Model Design

The world is simple, yet we complicate it ourselves.

Yes, we're the ones causing our own headaches—both annoyed and intrigued at the same time.

Two-Stage Recognition Model

A two-stage model refers to dividing MRZ recognition into two phases: localization and recognition.

Following this approach, we can start designing related models. First, let's look at the localization model.

Localization Model

Localization of the MRZ area can generally be divided into two directions:

Locate the corners of the MRZ area:

Image source: MIDV-2020 Synthetic Dataset

This is similar to the document localization projects we've done before, except that here we are localizing the MRZ area instead of a document.

The difference is that in document localization, the corner points exist "realistically" on the image and don't require the model to "imagine" a corner. In contrast, for the MRZ area, we need the model to "guess" these corner points.

It turns out that using this method results in an unstable model; just a slight movement of the passport can cause the predicted corner points to wander around the MRZ area.
Segmentation of the MRZ area:

Image source: MIDV-2020 Synthetic Dataset

This approach is more stable because we can directly use a segmentation model to predict the MRZ area boundaries. The text in the MRZ area is realistically present in the image, so the model doesn't have to make unnecessary assumptions. This way, we can directly segment the MRZ area and avoid concerns about the corner points.

We adopted the segmentation approach.

In real-world scenarios, the passport held by the user is inevitably tilted, so we need to correct the MRZ area to transform it into a proper rectangle.

For the loss function, we referred to a review paper:

[20.06] A survey of loss functions for semantic segmentation

This paper provides a unified comparison and introduction of various segmentation loss functions proposed in recent years, and presents a solution to existing problems, namely Log-Cosh Dice Loss.

Interested readers can refer to this paper; we won't go into further details here.

In our experiments, using Log-Cosh Dice Loss alone yielded suboptimal results, so we had to combine it with pixel classification loss CrossEntropyLoss and pixel regression loss SmoothL1Loss for training.

Recognition Model

The recognition model is simpler because we've already segmented the MRZ area, and we just need to input that area into a text recognition model to get the final result.
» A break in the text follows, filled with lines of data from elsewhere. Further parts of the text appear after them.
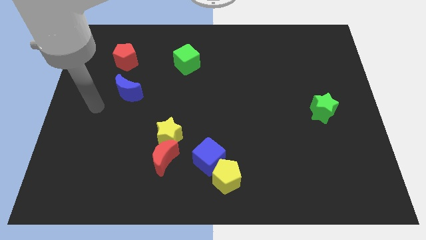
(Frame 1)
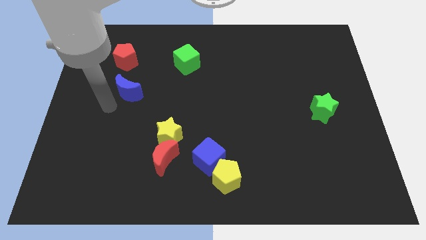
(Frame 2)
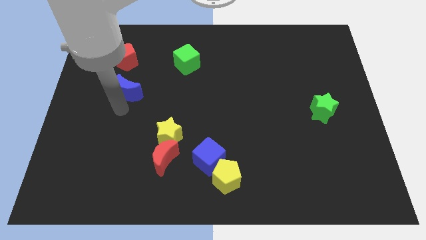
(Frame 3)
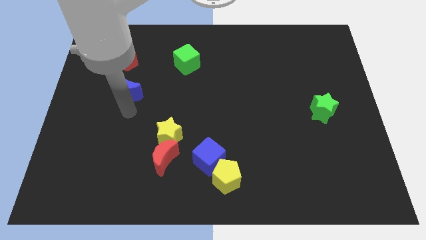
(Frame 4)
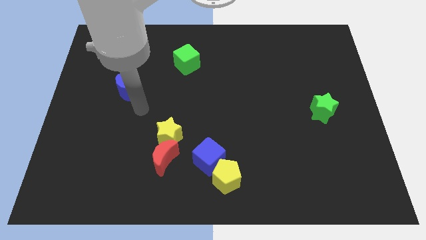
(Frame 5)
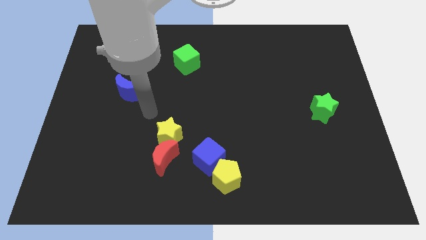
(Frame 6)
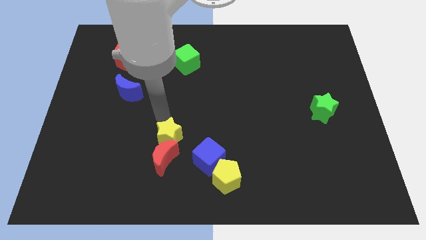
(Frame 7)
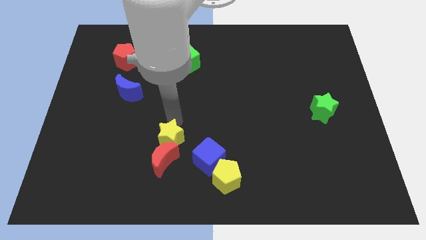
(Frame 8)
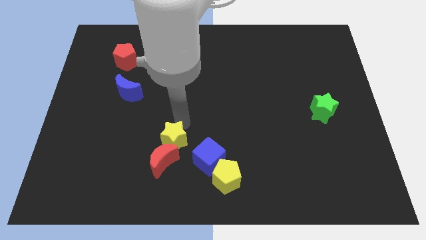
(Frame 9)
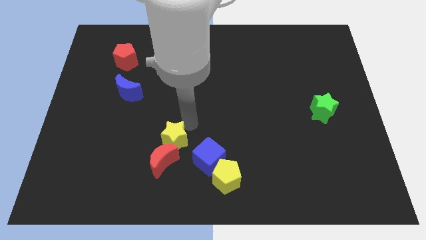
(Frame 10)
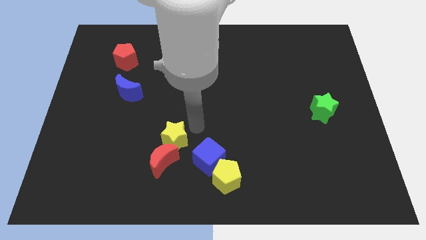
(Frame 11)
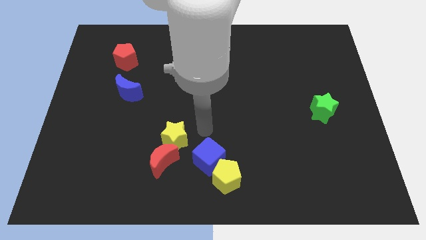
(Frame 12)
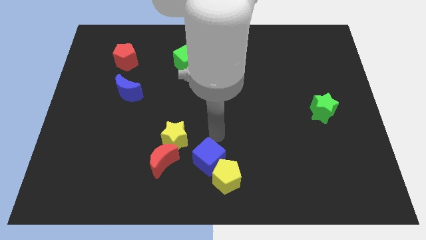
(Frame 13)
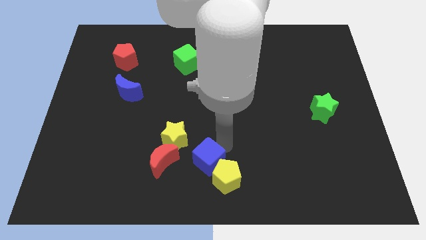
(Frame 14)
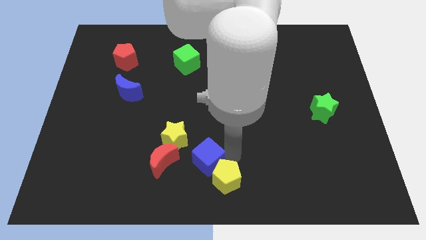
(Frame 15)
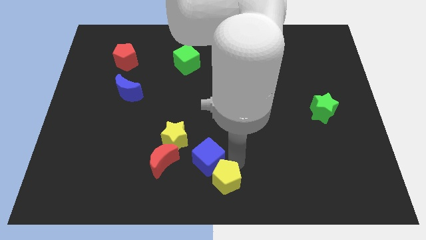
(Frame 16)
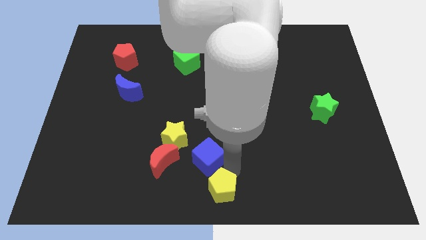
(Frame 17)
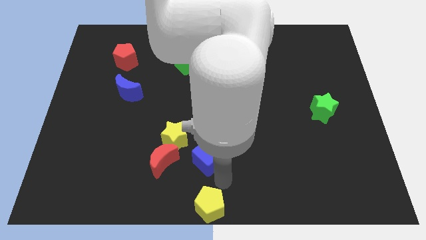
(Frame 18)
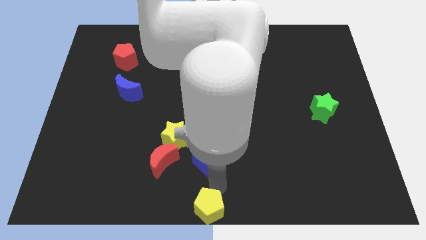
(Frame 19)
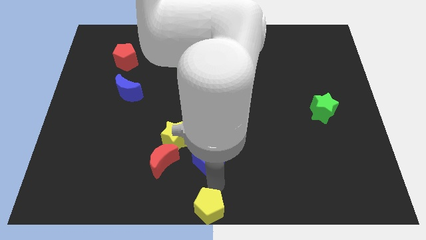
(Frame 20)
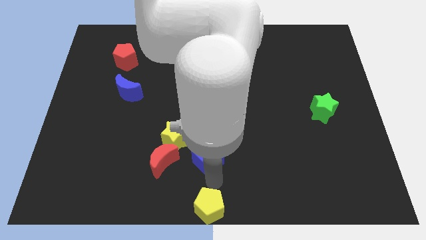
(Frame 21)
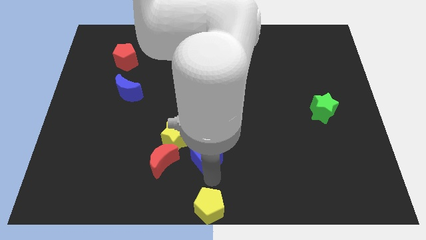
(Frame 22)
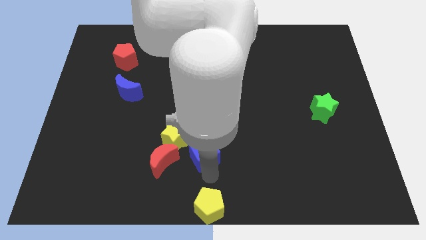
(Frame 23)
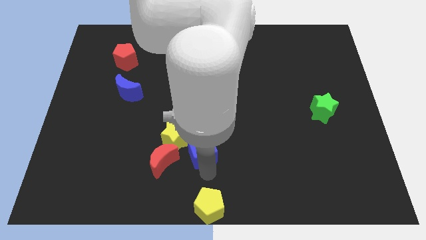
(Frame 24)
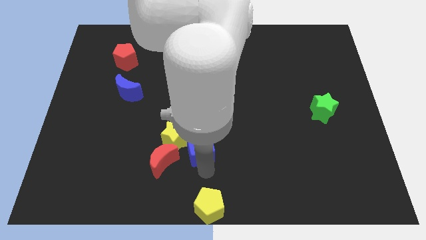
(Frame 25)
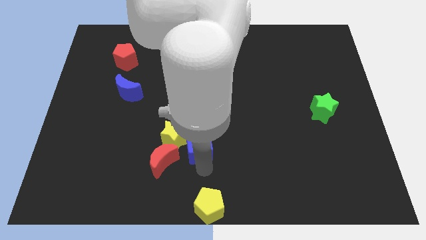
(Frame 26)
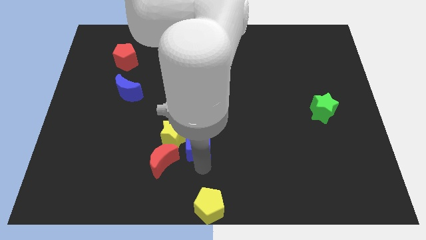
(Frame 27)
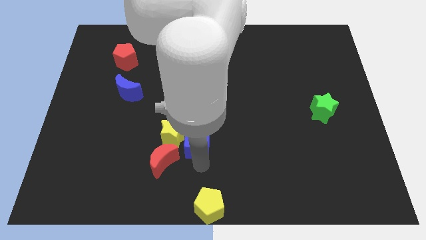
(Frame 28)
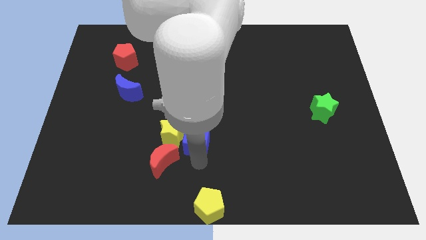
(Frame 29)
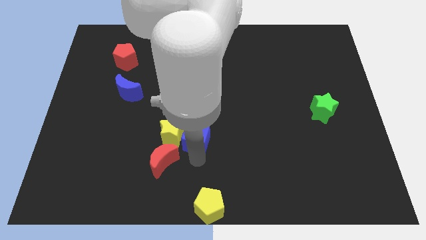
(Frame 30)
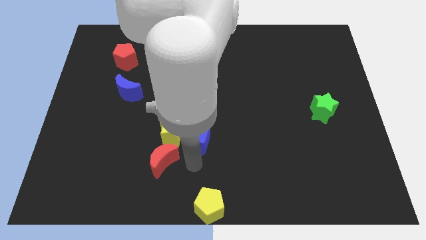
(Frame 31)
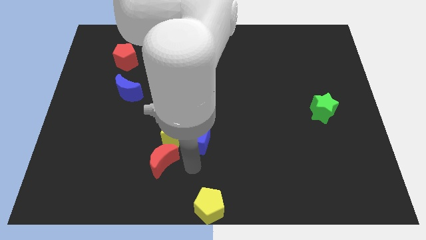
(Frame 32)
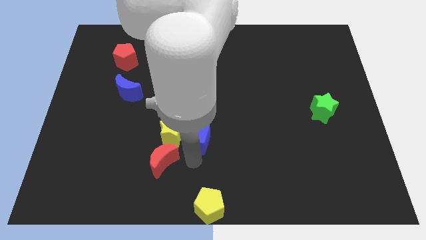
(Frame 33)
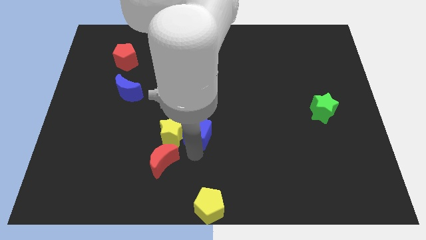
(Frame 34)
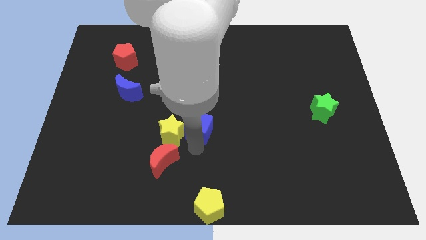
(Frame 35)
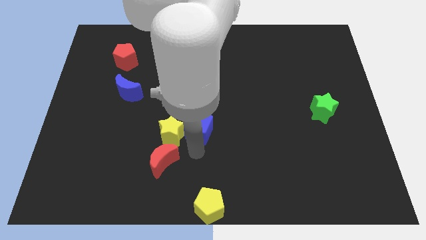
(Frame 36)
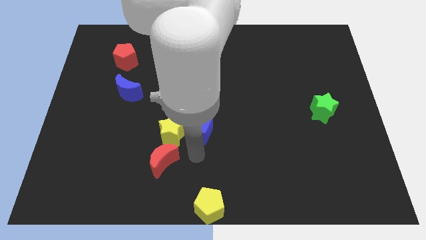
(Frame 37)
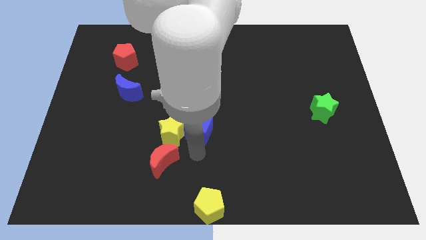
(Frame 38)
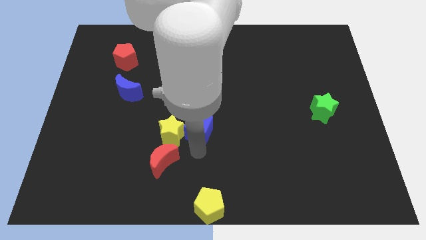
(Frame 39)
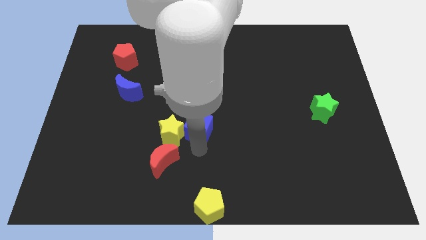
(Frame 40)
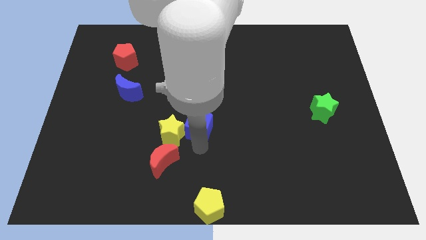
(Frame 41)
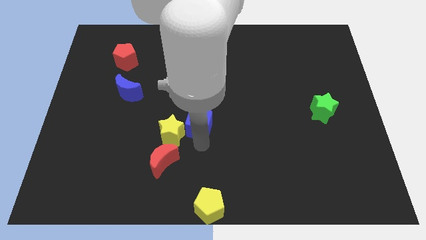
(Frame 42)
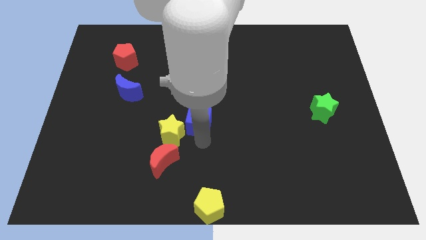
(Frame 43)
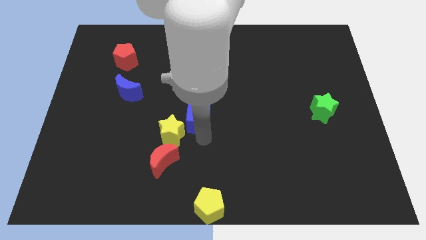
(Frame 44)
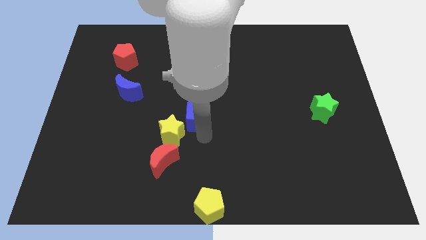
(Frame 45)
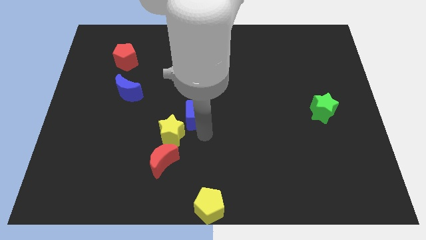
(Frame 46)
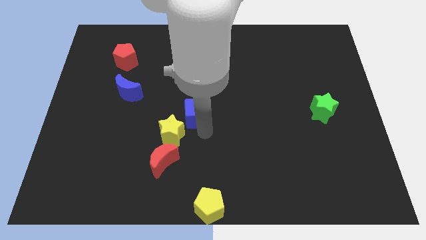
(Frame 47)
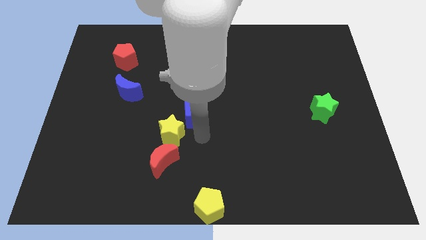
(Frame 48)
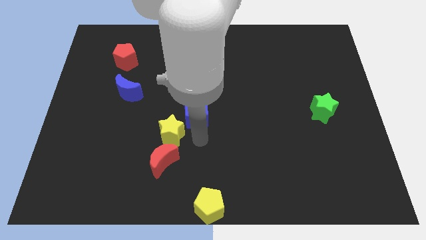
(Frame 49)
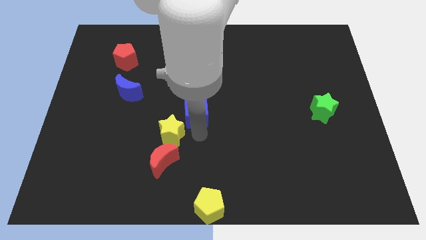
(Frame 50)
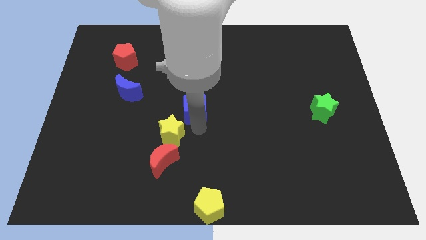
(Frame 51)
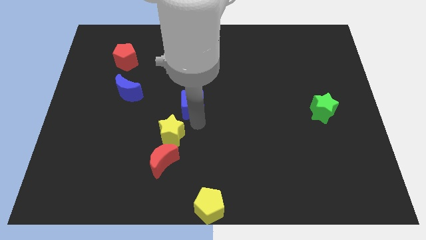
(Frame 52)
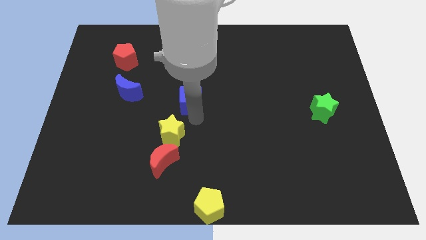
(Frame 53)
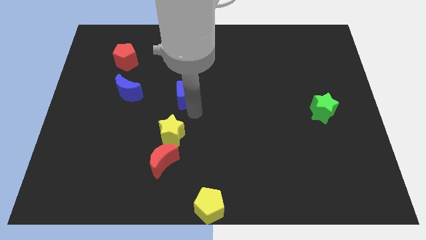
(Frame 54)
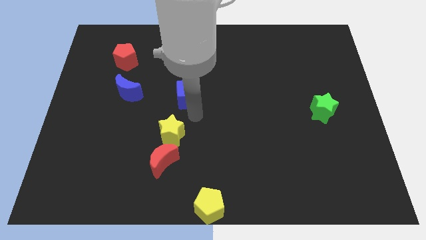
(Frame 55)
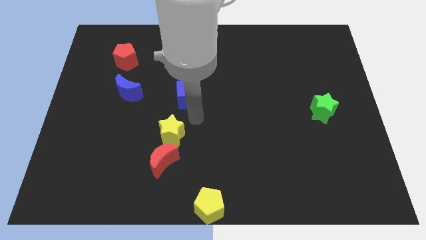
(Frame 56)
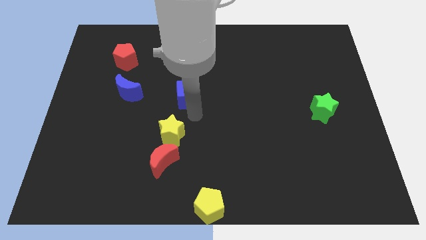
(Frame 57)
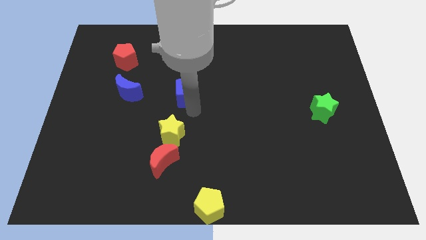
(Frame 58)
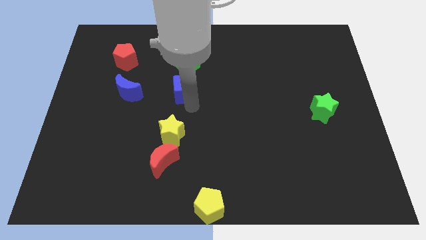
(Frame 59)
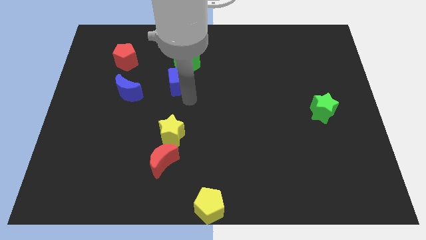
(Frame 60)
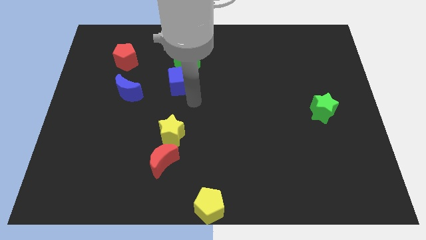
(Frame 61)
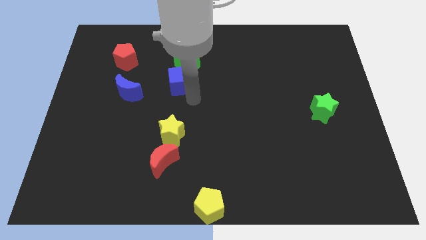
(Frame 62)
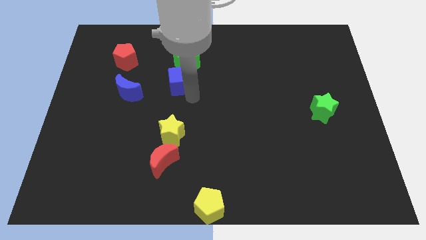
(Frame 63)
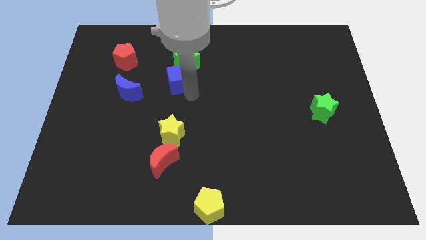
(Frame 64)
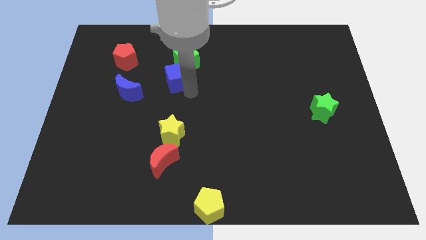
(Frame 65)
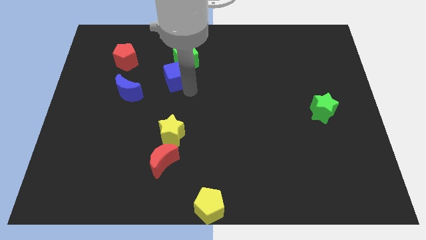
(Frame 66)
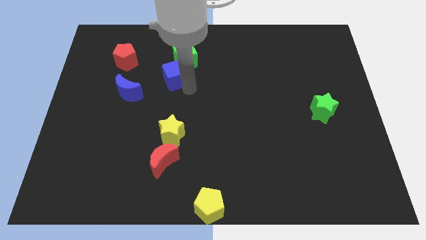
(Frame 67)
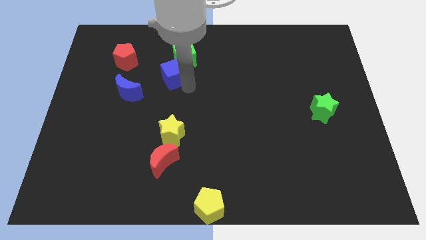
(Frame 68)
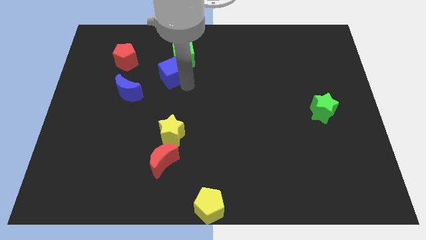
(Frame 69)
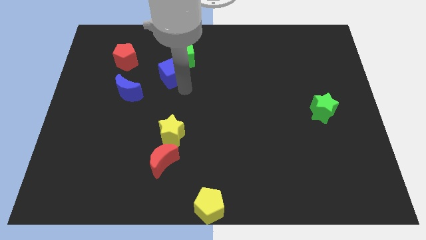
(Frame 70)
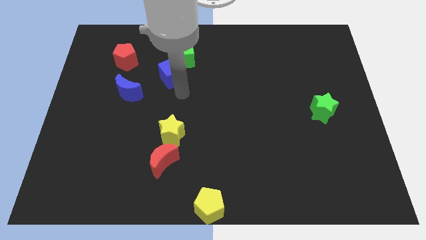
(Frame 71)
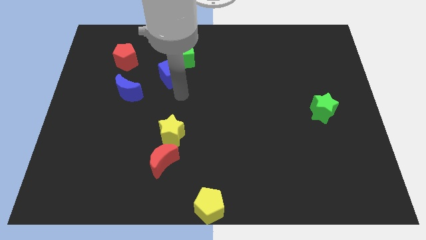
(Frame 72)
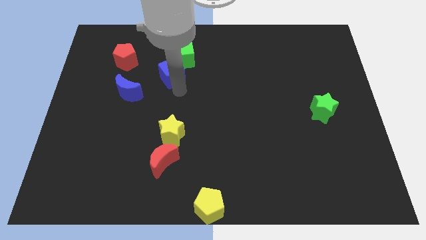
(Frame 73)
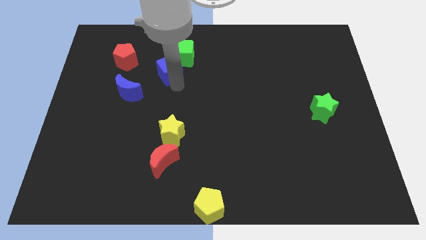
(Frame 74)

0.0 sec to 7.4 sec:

At this stage, there are several design directions we can consider:

Segment the string and recognize them one by one:

Some MRZs have two lines of text, such as the TD2 and TD3 formats, while others have three lines, such as the TD1 format. We can split these texts and recognize them one by one.

The recognition model needs to convert a string of image text into text output. There are many possible methods, such as the earlier popular CRNN+CTC or the more recent CLIP4STR, among others.

This method has many drawbacks, such as the need for additional logic to handle two or three lines in the MRZ area, or difficulties in distinguishing characters due to narrow spacing between MRZ lines in some documents.
tip
If you're interested in the related papers, you can refer to the articles we've previously read:
- [15.07] CRNN: I Want It All!
- [23.05] CLIP4STR: The Blessing of Multimodality

Recognize the entire MRZ cropped image at once:

Since the aspect ratio of the MRZ area is not significantly different, we can crop the entire MRZ area and recognize the entire image at once. This situation is particularly suitable for using Transformer-based models to solve the problem.

For example, if you only use the Transformer Encoder architecture, the model design can look like this:

Due to the self-attention mechanism, multiple Tokens may point to the same character in the image, which may confuse the model if a typical decoding approach is used:

It's clearly the image of this character, why should it be decoded as another character?

Based on our experiments, using CTC for text decoding yields better results in this case, because each Token originates from an image area of "a particular" character, and we just need to merge the outputs at the final stage to get the final text result.

Of course, if you dislike CTC and think it’s a hassle, you could consider adopting an Encoder-Decoder architecture. The model design could look like this:

This approach allows direct string decoding without the need for an additional CTC layer, because the tokens input to the Decoder are queries for the characters, and each token is responsible for finding the corresponding character in the correct order.

tip
The Decoder here can output in parallel, without needing an autoregressive approach.
Upon further reflection, the reason we use autoregression is that we need to "base the next prediction on the previous prediction." However, in this case, such operations are clearly unnecessary.
Each MRZ character is independent, and the prediction for the first position does not affect the prediction for the second position. All the necessary information is already present in the Encoder’s output, and the Decoder's job is merely to query and retrieve the correct sequence.
Of course, simply talking about it isn't enough; we have also tested both parallel output and autoregressive training methods, and the result shows that parallel output converges faster, achieves better performance, and generalizes better.

Error Propagation

This brings us back to the issue of corner points.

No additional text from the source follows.